Find the string "records" in the data, and copy out each line that has it.

******************************

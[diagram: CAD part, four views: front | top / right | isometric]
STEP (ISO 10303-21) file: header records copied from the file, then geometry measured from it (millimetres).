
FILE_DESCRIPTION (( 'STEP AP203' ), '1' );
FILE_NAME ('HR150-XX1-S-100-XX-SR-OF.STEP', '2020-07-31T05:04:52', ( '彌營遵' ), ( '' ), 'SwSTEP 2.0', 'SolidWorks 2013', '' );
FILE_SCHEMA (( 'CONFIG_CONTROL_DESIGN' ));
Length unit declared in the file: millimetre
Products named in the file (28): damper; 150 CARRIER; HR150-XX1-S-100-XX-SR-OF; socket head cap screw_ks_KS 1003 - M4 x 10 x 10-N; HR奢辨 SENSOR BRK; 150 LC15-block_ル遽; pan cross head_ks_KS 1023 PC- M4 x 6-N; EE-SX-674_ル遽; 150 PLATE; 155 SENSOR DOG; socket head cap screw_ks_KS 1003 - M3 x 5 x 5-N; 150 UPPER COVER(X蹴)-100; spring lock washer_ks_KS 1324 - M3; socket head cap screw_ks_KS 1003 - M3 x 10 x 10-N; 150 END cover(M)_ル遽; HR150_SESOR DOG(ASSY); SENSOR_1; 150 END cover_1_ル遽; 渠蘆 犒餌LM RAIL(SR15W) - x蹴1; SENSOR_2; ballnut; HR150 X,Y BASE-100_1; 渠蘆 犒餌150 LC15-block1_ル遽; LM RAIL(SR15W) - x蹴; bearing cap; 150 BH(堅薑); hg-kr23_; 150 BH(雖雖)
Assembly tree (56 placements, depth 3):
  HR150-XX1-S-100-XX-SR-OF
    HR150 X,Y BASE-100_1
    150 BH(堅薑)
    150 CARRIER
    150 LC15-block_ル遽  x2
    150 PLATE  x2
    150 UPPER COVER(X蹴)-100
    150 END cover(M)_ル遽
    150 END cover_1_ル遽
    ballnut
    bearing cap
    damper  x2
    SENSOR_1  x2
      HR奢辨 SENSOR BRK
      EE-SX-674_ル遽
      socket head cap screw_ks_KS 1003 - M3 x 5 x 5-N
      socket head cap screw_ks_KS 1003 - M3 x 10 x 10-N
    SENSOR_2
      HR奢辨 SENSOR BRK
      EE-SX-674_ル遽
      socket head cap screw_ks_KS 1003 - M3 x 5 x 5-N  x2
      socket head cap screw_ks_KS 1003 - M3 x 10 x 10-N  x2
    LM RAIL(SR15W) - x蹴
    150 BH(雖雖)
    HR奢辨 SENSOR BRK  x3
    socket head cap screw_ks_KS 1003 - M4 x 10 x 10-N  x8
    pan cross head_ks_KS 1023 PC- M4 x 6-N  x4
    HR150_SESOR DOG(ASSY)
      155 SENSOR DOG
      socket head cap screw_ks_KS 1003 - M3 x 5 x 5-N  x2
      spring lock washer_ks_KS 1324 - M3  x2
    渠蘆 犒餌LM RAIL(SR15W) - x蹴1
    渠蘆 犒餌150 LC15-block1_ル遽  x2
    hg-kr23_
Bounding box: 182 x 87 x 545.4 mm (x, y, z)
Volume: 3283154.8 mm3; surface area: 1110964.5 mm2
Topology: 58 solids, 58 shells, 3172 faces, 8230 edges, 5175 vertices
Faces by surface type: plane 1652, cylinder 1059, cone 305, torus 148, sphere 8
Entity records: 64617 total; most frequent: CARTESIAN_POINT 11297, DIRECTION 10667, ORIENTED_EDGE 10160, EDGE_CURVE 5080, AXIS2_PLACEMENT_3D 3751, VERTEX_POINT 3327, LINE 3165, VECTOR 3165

******************************

--- Answer for the task ---
STEP (ISO 10303-21) file: header records copied from the file, then geometry measured from it (millimetres).
Entity records: 64617 total; most frequent: CARTESIAN_POINT 11297, DIRECTION 10667, ORIENTED_EDGE 10160, EDGE_CURVE 5080, AXIS2_PLACEMENT_3D 3751, VERTEX_POINT 3327, LINE 3165, VECTOR 3165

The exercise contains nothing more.